The Elusive Samurai is an anime series based on a manga from the creator of Assassination Classroom. That series was one that skewered the Japanese educational system through the context of a Shonen Fight manga – so I was interested to see how The Elusive Samurai handles Japanese history.
From the jump, it seems like The Elusive Samurai has issues with tonal whiplash, as a show where it starts with gorgeously animated fluffy comedy, and then gets incredibly harsh in its tone, as the friends and family of our main character, H?j? Tokiyuki, are brutally murdered (including his fiancee being raped and murdered off camera) by Ashikaga Takauji. Tokiyuki is rescued by Suwa Yorishige, the leader of a religious sect nearby, and an ally of the H?j?, who promises to help Tokiyuki avenge his family’s betrayal using his (semi-limited) ability to see the future.
This is something where I’ve seen people react to the show as if there’s a real sense of tonal whiplash. On the one hand, I get it – as it can go from wacky comedy to intense darkness very quickly. However, part of the “comedy” also comes from very deliberate anachronisms – which is important because those anachronisms also serve the purpose of getting the viewer to not do the thing that so many other period pieces do – which is to think of them in the context of their periods. We’re expected to view these characters from a 21st century worldview – because this is a revisionist period.

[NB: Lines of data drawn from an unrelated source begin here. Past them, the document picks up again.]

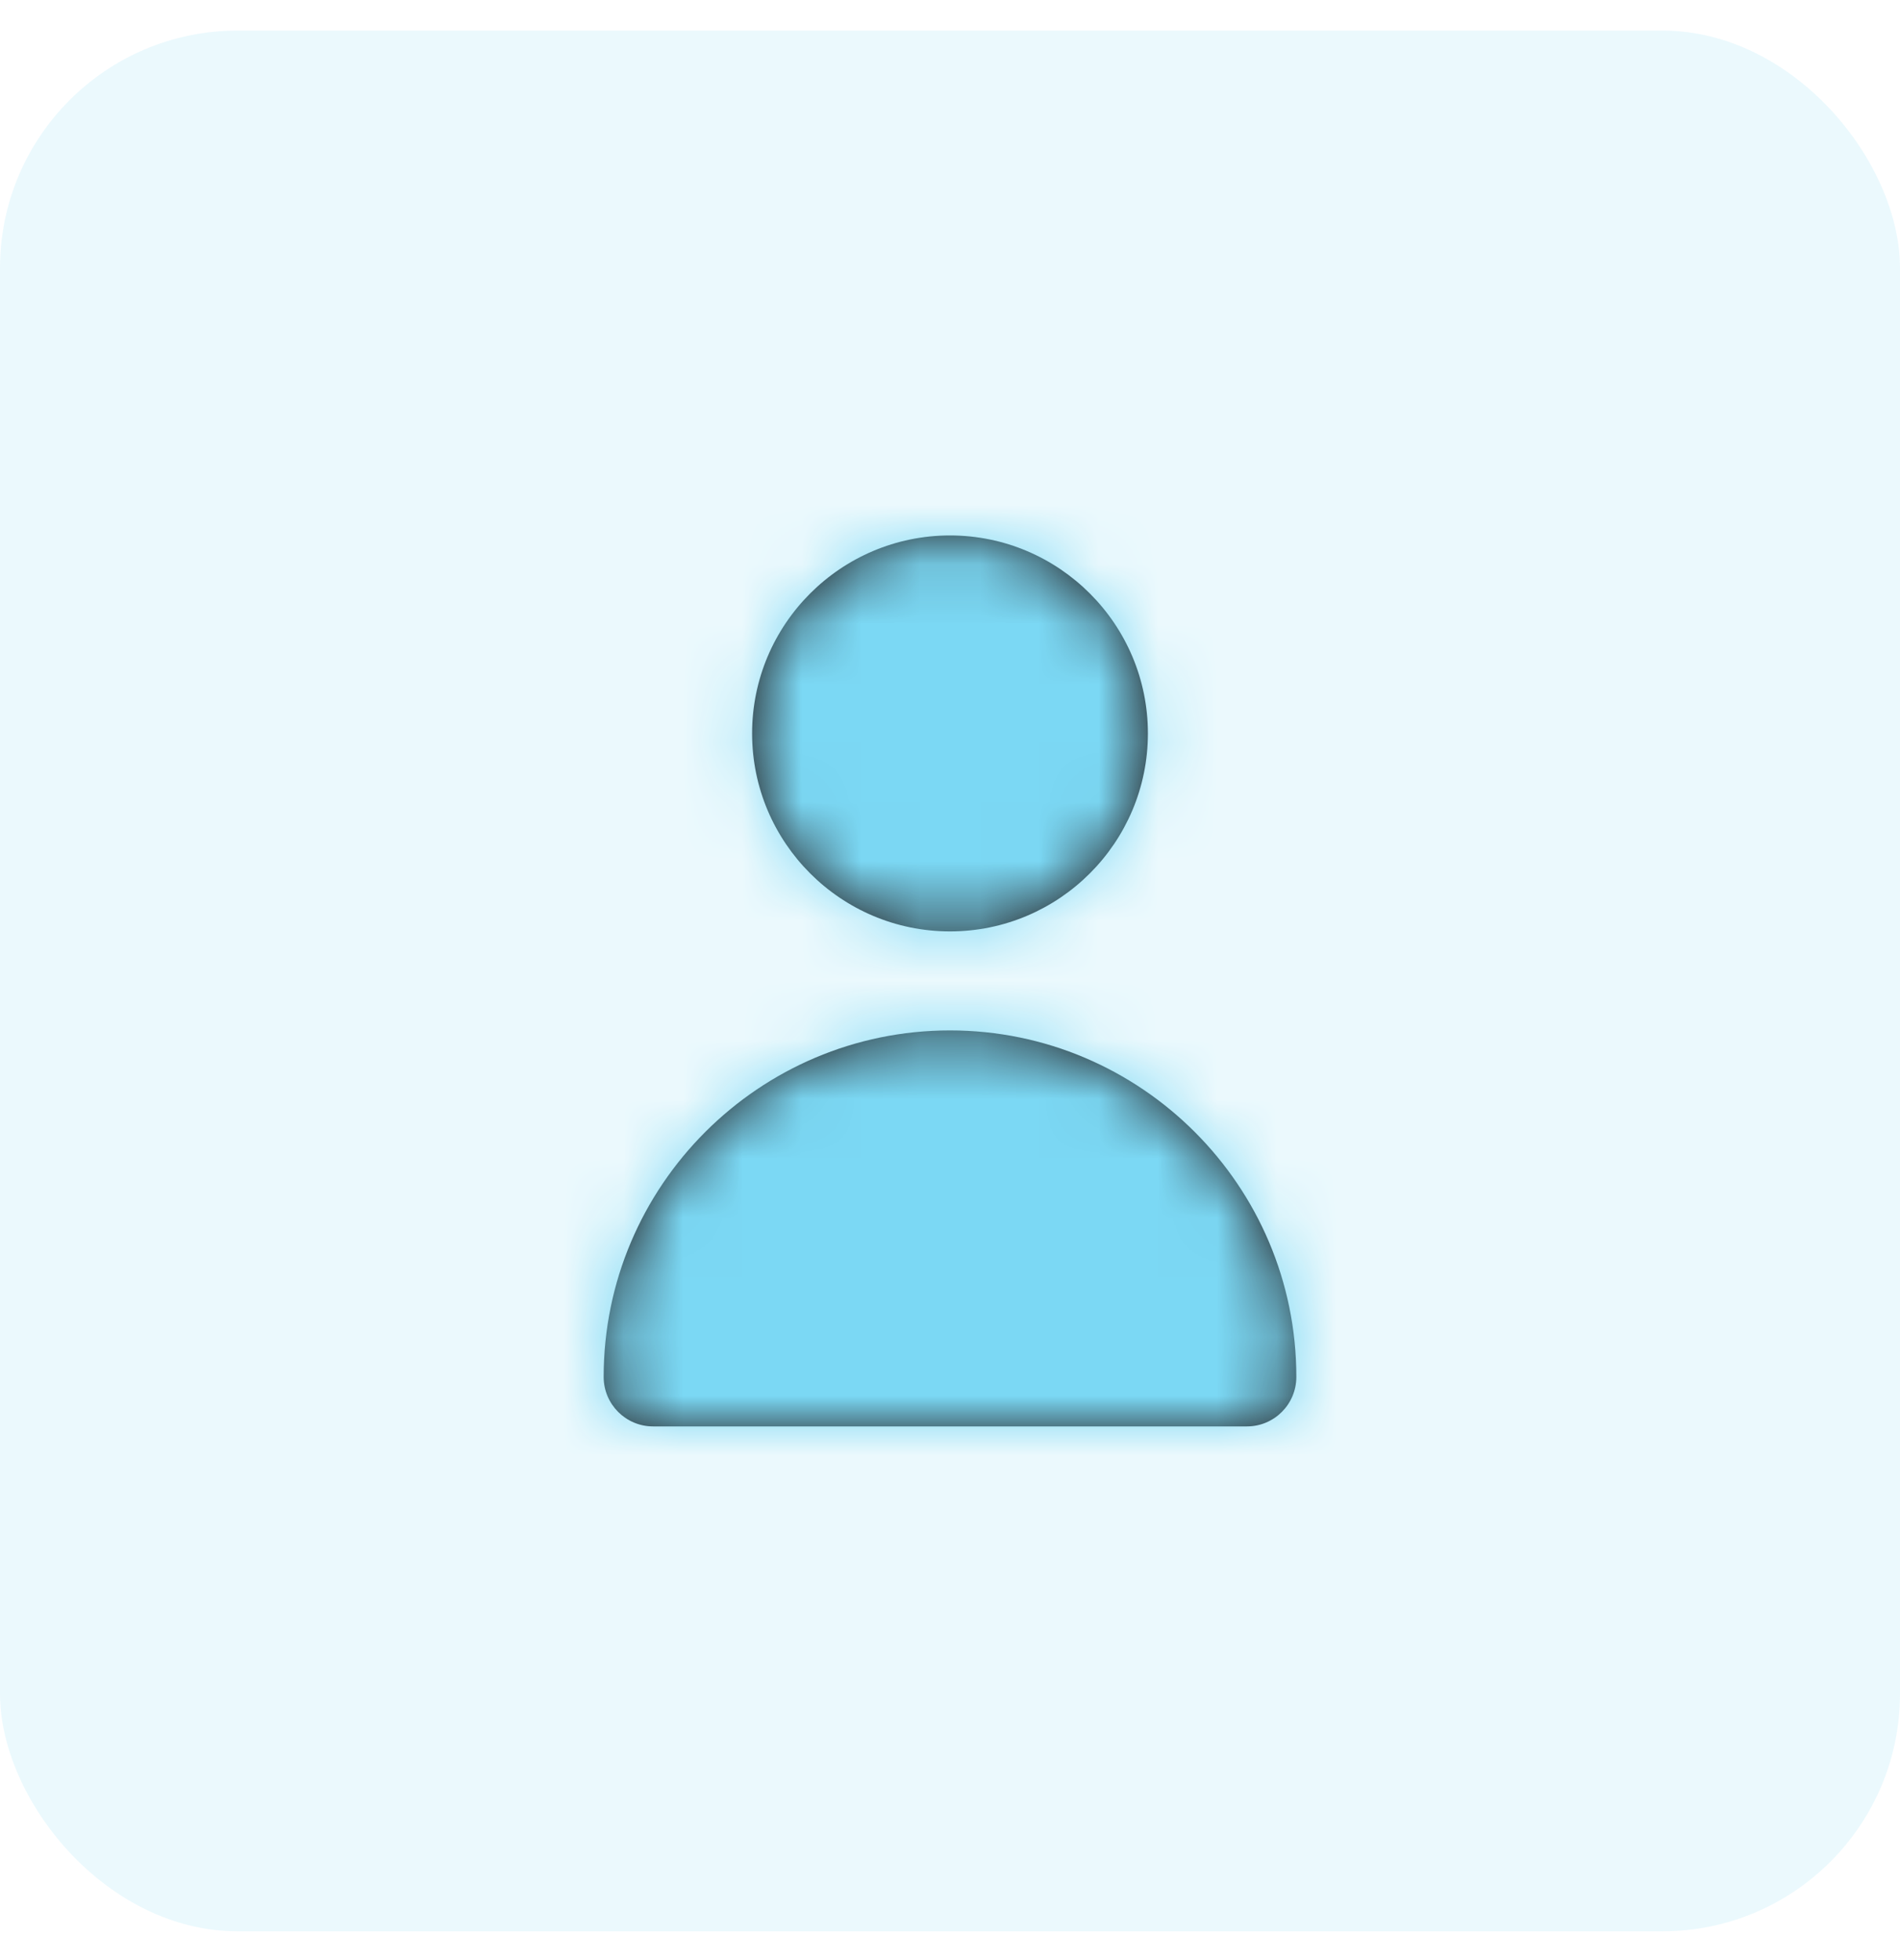 <svg width="32" height="33" viewBox="0 0 32 33" fill="none" xmlns="http://www.w3.org/2000/svg">
<rect opacity="0.15" y="0.515" width="32" height="32" rx="4" fill="#7BD8F4"/>
<path fill-rule="evenodd" clip-rule="evenodd" d="M19.333 12.348C19.333 14.186 17.838 15.681 16 15.681C14.162 15.681 12.667 14.186 12.667 12.348C12.667 10.51 14.162 9.015 16 9.015C17.838 9.015 19.333 10.51 19.333 12.348ZM21.833 23.181C21.833 23.641 21.461 24.015 21 24.015H11C10.539 24.015 10.167 23.641 10.167 23.181C10.167 19.965 12.784 17.348 16 17.348C19.216 17.348 21.833 19.965 21.833 23.181Z" fill="#231F20"/>
<mask id="mask0_2208_15194" style="mask-type:alpha" maskUnits="userSpaceOnUse" x="10" y="9" width="12" height="16">
<path fill-rule="evenodd" clip-rule="evenodd" d="M19.333 12.348C19.333 14.186 17.838 15.681 16 15.681C14.162 15.681 12.667 14.186 12.667 12.348C12.667 10.51 14.162 9.015 16 9.015C17.838 9.015 19.333 10.51 19.333 12.348ZM21.833 23.181C21.833 23.641 21.461 24.015 21 24.015H11C10.539 24.015 10.167 23.641 10.167 23.181C10.167 19.965 12.784 17.348 16 17.348C19.216 17.348 21.833 19.965 21.833 23.181Z" fill="white"/>
</mask>
<g mask="url(#mask0_2208_15194)">
<rect x="6" y="6.515" width="20" height="20" fill="#7BD8F4"/>
</g>
</svg>
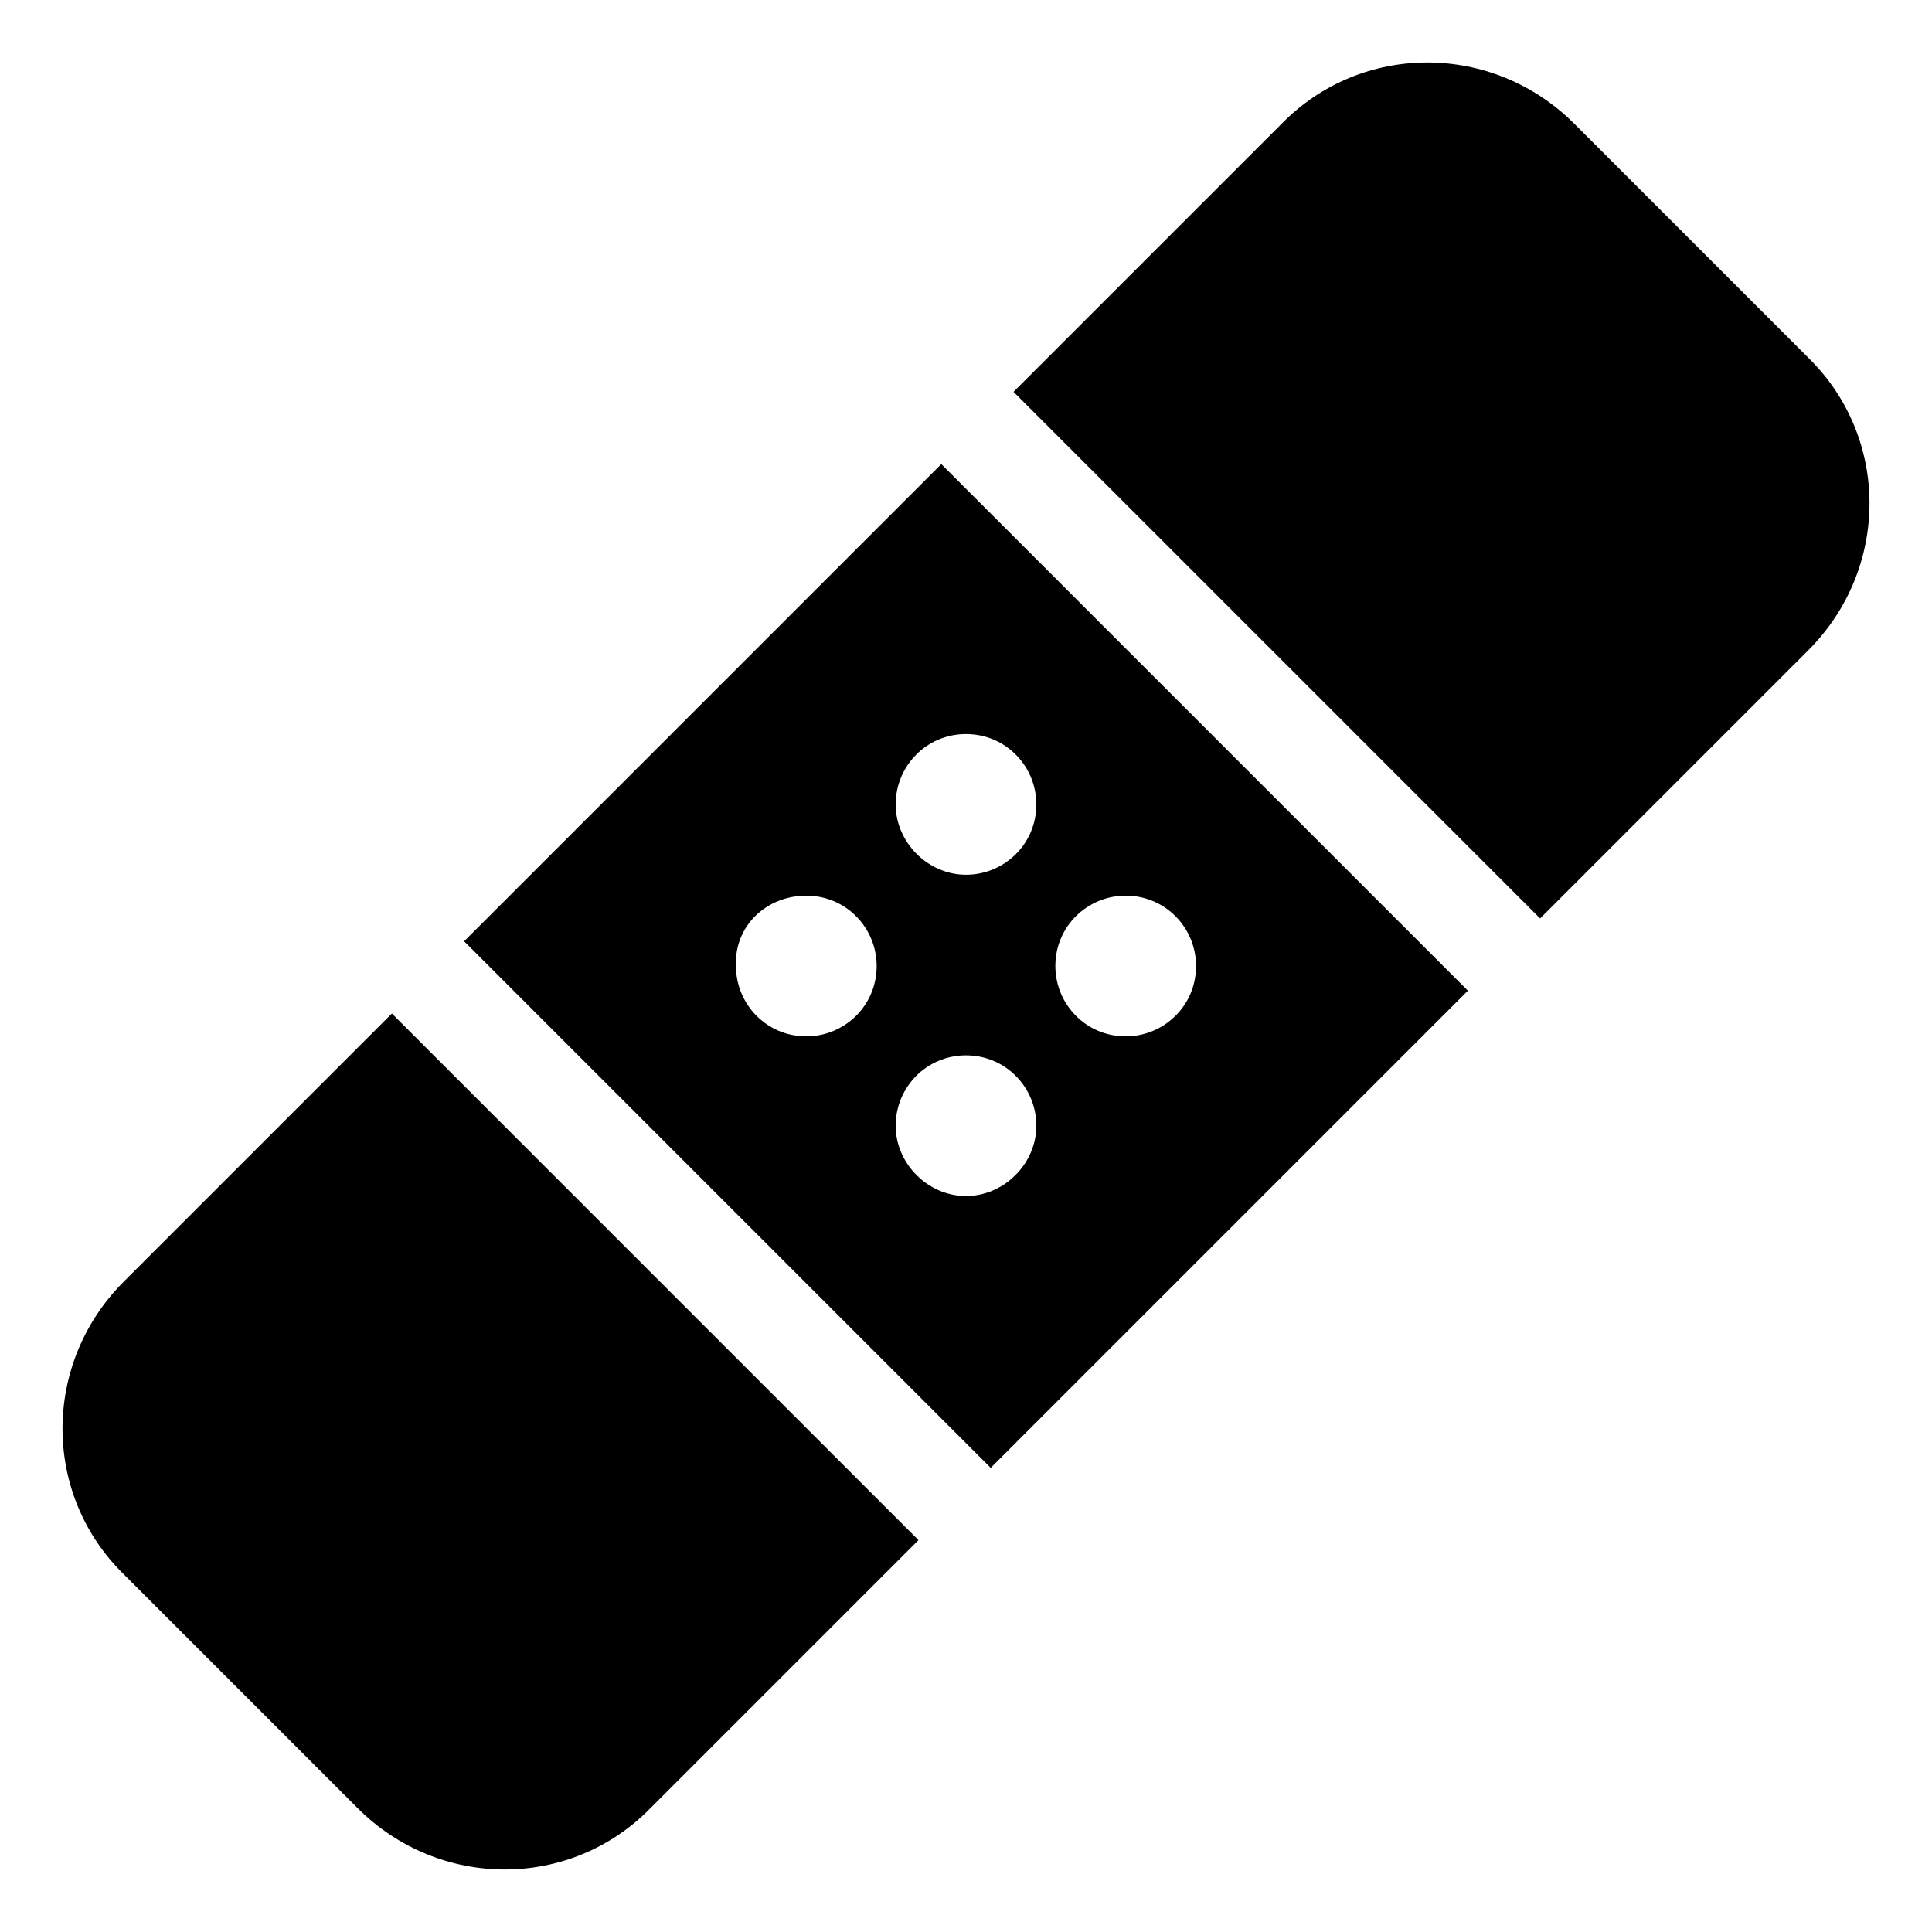 <?xml version="1.0" encoding="UTF-8"?>
<!-- Uploaded to: ICON Repo, www.iconrepo.com, Generator: ICON Repo Mixer Tools -->
<svg fill="#000000" width="800px" height="800px" version="1.1" viewBox="144 144 512 512" xmlns="http://www.w3.org/2000/svg">
 <g>
  <path d="m406.55 533 126.46-126.46-139.55-139.55-126.46 126.46zm35.773-151.64c10.578 0 18.641 8.566 18.641 18.641 0 10.578-8.566 18.641-18.641 18.641-10.578 0-18.641-8.566-18.641-18.641-0.004-10.582 8.562-18.641 18.641-18.641zm-42.32-42.824c10.578 0 18.641 8.566 18.641 18.641 0 10.578-8.566 18.641-18.641 18.641-10.078 0-18.641-8.566-18.641-18.641 0-10.078 8.059-18.641 18.641-18.641zm0 85.141c10.578 0 18.641 8.566 18.641 18.641 0 10.078-8.566 18.641-18.641 18.641-10.078 0-18.641-8.566-18.641-18.641 0-10.074 8.059-18.641 18.641-18.641zm-42.32-42.316c10.578 0 18.641 8.566 18.641 18.641 0 10.578-8.566 18.641-18.641 18.641-10.578 0-18.641-8.566-18.641-18.641-0.504-10.582 8.059-18.641 18.641-18.641z"/>
  <path d="m623.19 238.78-61.969-61.969c-21.664-21.664-56.426-21.664-77.586 0l-71.039 71.035 139.55 139.55 71.039-71.039c21.664-21.66 21.664-56.422 0-77.582z"/>
  <path d="m247.85 412.59-71.035 71.039c-21.664 21.664-21.664 56.426 0 77.586l61.969 61.969c21.664 21.664 56.426 21.664 77.586 0l71.039-71.039z"/>
 </g>
</svg>

So, why Ashikaga Takauji as the antagonist, and not any of the usual antagonists, like the Tokugawa Shogunate or Oda Nobunaga? Well, because Takauji was written about by his contemporaries as being “kind and merciful” to his enemies. Except that everything that happens in this first episode, effectively, happened in the real world history, and was well documented. Takauji betrayed the Hojo clan. His forces sacked their capital. The family members of the ruling Hojo family along with their retainers were brutally murdered. If you’ve seen Kurosawa’s Ran, and remember the fall of the Third Fortress, you remember the women in the lord’s entourage killing each other. Specifically, that was expected of them historically to keep from being raped by the sacking forces. By adding all these anachronistic elements, ostensibly under the guise of comic relief, it gets the audience to look at Takauji and his “mercy” as being BS. That the way the samurai class waged war was horrific and brutal, and that the idealized portrayals written by later generations were, at best, lies, and were at worst written by conservative writers of their periods seeking to glorify the “old days” without having to acknowledge the realities.

All of this is spectacularly animated by CloverWorks. Before watching Wind Breaker, I viewed them as being the studio that handled the gorgeous pastoral and scenic elements of Spy X Family and left the action sequences to Studio Wit. Well, if that was the breakdown – CloverWorks has picked up a lot from Studio Wit, because throughout these two series, they demonstrate tremendous craft not only at gorgeous action, but gorgeous action with a level of visual stylization and flair that separates them from so many other studios.
Honestly, I came away from this show hoping that when we get a Steel Ball Run adaptation, maybe David Production tags out and lets CloverWorks take a crack at it.
The Elusive Samurai is available for streaming on Crunchyroll.